Botswana is a case apart. While all African nations fought hard, or at least challenged, the colonizers, many Tswana were not in a hurry to become independent. While the spirit of Negritude filled the like of Nkrumah and Senghor and the need to return to ancient African culture pushed Mobutu to forbid the use of Western names, Sir Seretse Khama, first President of Botswana, came home with a British (yes, also white) wife. When many leaders filled their mouths with wonderful speeches about Africa style solidarity and their coffers with State owned wealth, the leaders in Gaborone invested well for the common good. Botswana used to be one of the poorest countries on Earth. Once diamonds were discovered - only the beginning of a string of natural resources found in the Kalahari - it soon became an economic miracle.
Political stability helped. The Botswana Democratic Party has enjoyed a strong majority since independence. People consistently voted for the BDP, and the party helped itself with a few tricks. All past Presidents resigned ahead of the end of their terms allowing their deputies to fill in the gap and arrive to the elections from a position of power; an important incentive in this mostly rural, sparsely populated country.

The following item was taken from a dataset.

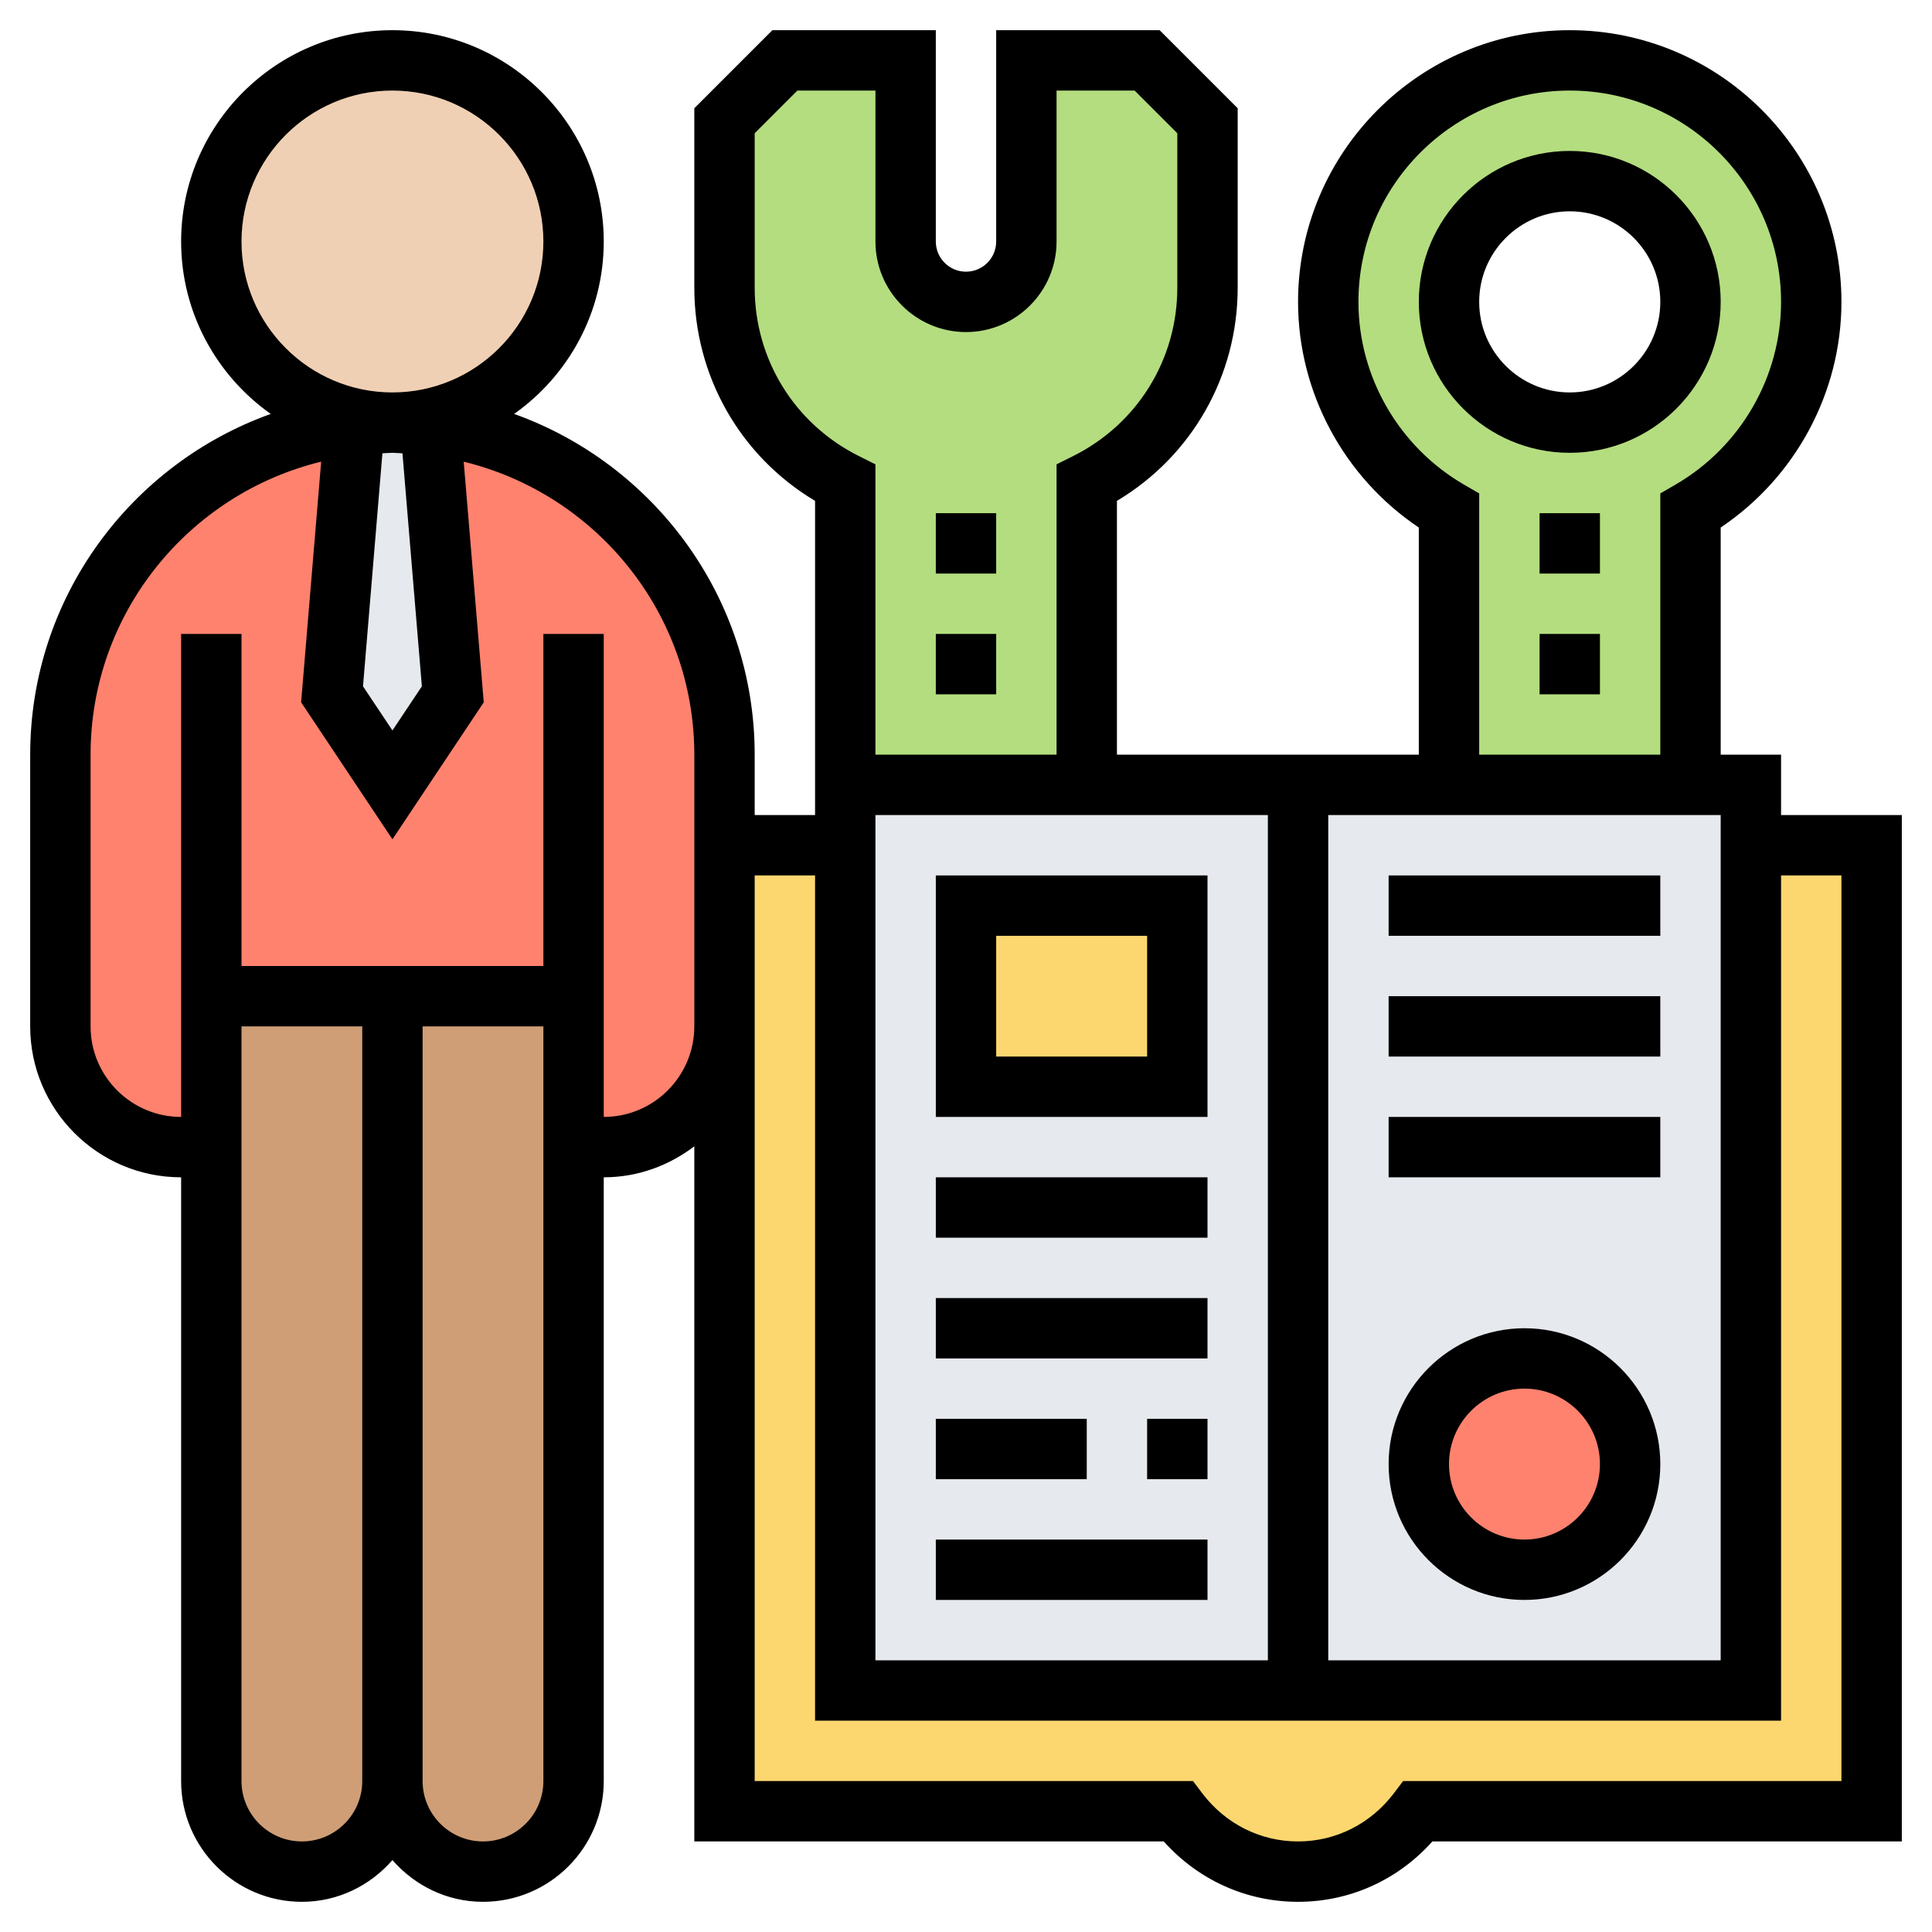 <svg id="Layer_35" enable-background="new 0 0 64 64" height="512" viewBox="0 0 64 64" width="512" xmlns="http://www.w3.org/2000/svg"><path d="m62 28v32h-15.02c-.92 1.21-2.35 2-3.98 2s-3.06-.79-3.98-2h-15.02v-26-6h4v28h15 15v-18-10z" fill="#fcd770"/><path d="m56 26h-8-5-7-8v2 28h15 15v-18-10-2z" fill="#e6e9ed"/><circle cx="50.5" cy="48.5" fill="#ff826e" r="3.5"/><path d="m32 30h7v6h-7z" fill="#fcd770"/><path d="m19 38v21c0 .83-.34 1.58-.88 2.12s-1.29.88-2.12.88c-1.66 0-3-1.34-3-3v-26h6z" fill="#cf9e76"/><path d="m13 33v26c0 1.66-1.34 3-3 3-.83 0-1.58-.34-2.12-.88s-.88-1.29-.88-2.12v-21-5z" fill="#cf9e76"/><path d="m19 33h-6-6v5h-1c-2.21 0-4-1.79-4-4v-9c0-5.66 4.26-10.31 9.74-10.92l-.74 8.92 2 3 2-3-.74-8.92c2.53.28 4.81 1.43 6.52 3.14 1.99 1.99 3.22 4.74 3.22 7.78v3 6c0 2.21-1.79 4-4 4h-1z" fill="#ff826e"/><path d="m14.26 14.08.74 8.92-2 3-2-3 .74-8.92c.42-.06.84-.08 1.26-.08s.84.02 1.26.08z" fill="#e6e9ed"/><circle cx="13" cy="8" fill="#f0d0b4" r="6"/><path d="m36 26h-8v-10c-2.45-1.23-4-3.73-4-6.47v-5.53l2-2h4v6c0 .55.22 1.05.59 1.41.36.37.86.59 1.41.59 1.1 0 2-.9 2-2v-6h4l2 2v5.53c0 1.37-.39 2.68-1.08 3.8-.7 1.12-1.7 2.05-2.92 2.67z" fill="#b4dd7f"/><path d="m52 14c2.21 0 4-1.79 4-4s-1.79-4-4-4-4 1.79-4 4 1.79 4 4 4zm4 12h-8v-9.08c-2.39-1.38-4-3.96-4-6.92 0-4.42 3.58-8 8-8s8 3.58 8 8c0 2.96-1.61 5.54-4 6.92z" fill="#b4dd7f"/><path d="m59 27v-2h-2v-7.525c2.481-1.664 4-4.476 4-7.475 0-4.962-4.037-9-9-9s-9 4.038-9 9c0 2.999 1.519 5.812 4 7.475v7.525h-10v-8.408c2.482-1.483 4-4.136 4-7.064v-5.942l-2.586-2.586h-5.414v7c0 .551-.448 1-1 1s-1-.449-1-1v-7h-5.414l-2.586 2.586v5.942c0 2.928 1.518 5.581 4 7.064v8.408 1 1h-2v-2c0-5.201-3.331-9.626-7.968-11.288 1.792-1.269 2.968-3.354 2.968-5.712 0-3.86-3.141-7-7-7s-7 3.14-7 7c0 2.358 1.176 4.443 2.968 5.712-4.637 1.662-7.968 6.087-7.968 11.288v9c0 2.757 2.243 5 5 5v20c0 2.206 1.794 4 4 4 1.201 0 2.266-.542 3-1.382.734.84 1.799 1.382 3 1.382 2.206 0 4-1.794 4-4v-20c1.13 0 2.162-.391 3-1.026v23.026h15.551c1.142 1.277 2.736 2 4.449 2s3.308-.723 4.449-2h15.551v-34zm-30 28v-28h13v28zm15-28h13v28h-13zm4.501-10.944c-2.159-1.251-3.501-3.572-3.501-6.056 0-3.86 3.141-7 7-7s7 3.14 7 7c0 2.484-1.342 4.805-3.501 6.056l-.499.289v8.655h-6v-8.655zm-20.054-.951c-2.126-1.063-3.447-3.2-3.447-5.577v-5.114l1.414-1.414h2.586v5c0 1.654 1.346 3 3 3s3-1.346 3-3v-5h2.586l1.414 1.414v5.114c0 2.377-1.321 4.515-3.447 5.578l-.553.276v9.618h-6v-9.618zm-14.472 7.63-.975 1.462-.975-1.462.643-7.719c.111-.003.22-.016.332-.016s.221.013.332.017zm-5.975-14.735c0-2.757 2.243-5 5-5s5 2.243 5 5-2.243 5-5 5-5-2.243-5-5zm2 53c-1.103 0-2-.897-2-2v-25h4v25c0 1.103-.897 2-2 2zm6 0c-1.103 0-2-.897-2-2v-25h4v25c0 1.103-.897 2-2 2zm4-24v-16h-2v11h-10v-11h-2v16c-1.654 0-3-1.346-3-3v-9c0-4.699 3.263-8.641 7.639-9.707l-.664 7.971 3.025 4.539 3.025-4.538-.664-7.971c4.376 1.065 7.639 5.007 7.639 9.706v2 7c0 1.654-1.346 3-3 3zm41 22h-14.521l-.3.397c-.769 1.019-1.928 1.603-3.179 1.603s-2.41-.584-3.18-1.603l-.299-.397h-14.521v-25-5h2v28h32v-28h2z"/><path d="m31 29v8h9v-8zm7 6h-5v-4h5z"/><path d="m50.5 44c-2.481 0-4.5 2.019-4.5 4.5s2.019 4.5 4.5 4.5 4.5-2.019 4.5-4.5-2.019-4.5-4.5-4.5zm0 7c-1.379 0-2.5-1.122-2.5-2.5s1.121-2.5 2.5-2.5 2.5 1.122 2.5 2.5-1.121 2.5-2.5 2.5z"/><path d="m31 39h9v2h-9z"/><path d="m31 43h9v2h-9z"/><path d="m38 47h2v2h-2z"/><path d="m31 47h5v2h-5z"/><path d="m31 51h9v2h-9z"/><path d="m46 29h9v2h-9z"/><path d="m46 33h9v2h-9z"/><path d="m46 37h9v2h-9z"/><path d="m31 21h2v2h-2z"/><path d="m31 17h2v2h-2z"/><path d="m57 10c0-2.757-2.243-5-5-5s-5 2.243-5 5 2.243 5 5 5 5-2.243 5-5zm-8 0c0-1.654 1.346-3 3-3s3 1.346 3 3-1.346 3-3 3-3-1.346-3-3z"/><path d="m51 21h2v2h-2z"/><path d="m51 17h2v2h-2z"/></svg>

Whatever the case, Botswana has built an enviable reputation for good governance and political stability. Neighbouring countries looked up to the good record on civil liberties, a relatively free press and the status of being Africaís least corrupt country. Economic growth has been stable for most of its post independence history.
Lately, a few cracks opened here and there. The opposition, small and divided, pointed out to growing uneasiness among the people. The San - some of whom were illegally removed from their ancestral home to pave the way to mineral exploitation - sued the government and won in the courts their right to live in their lands. Traders complained about stagnation. All in all, the government kept going well and assured social stability employing about 40% of the workforce, often keeping them under occupied in remote offices yet out of the streets.
Now the cracks opened a little wider. Earlier this year, public sector workers were allowed to join the unions. They did, and soon afterwards demanded a 16% pay rise after a three-year wage freeze. The government refused and a battle ensued with workers entering into a two month strike. People were scared when students took to the street last April, and the government sent the normally unarmed police to disperse them with tear-gas and rubber bullets. The government closed all state school for a while. Worn down by almost two months without pay, the unions have agreed to accept the government's 3% rise offer in June. Yet this was only a half victory for the establishment.
The workers' determination encouraged the opposition to find a common ground. They are now forging an alliance that could shake the BDP's grip on the country. Other events may come handy to push for a change. The diamond bonanza will not last forever. Production has already passed its peak and deposits will be exhausted by 2030. There are other mineral resources to fall back to, but double digit growth is out of the question. Botswana now boasts a 7% growth, but in future this will certainly go down. The government knows that the years of fat cows have ended, and now they have to manage a country with diminishing revenues.
Opposition parties are now moving the battle in parliament. Opposition MPs have been questioning new legislation that will make it more difficult for workers to strike. They also have been asking uncomfortable questions about corruption. MP Gilson Saleshando called for an investigation on suspended Minister of Defence, Justice and Security Ndelu Seretse, Permanent Secretary to the President Eric Molale and Director General of Intelligence and Security, Isaac Kgosi, accusing them of mismanagement of public funds. He also claimed that the Botswana Defence Force misuses public funds.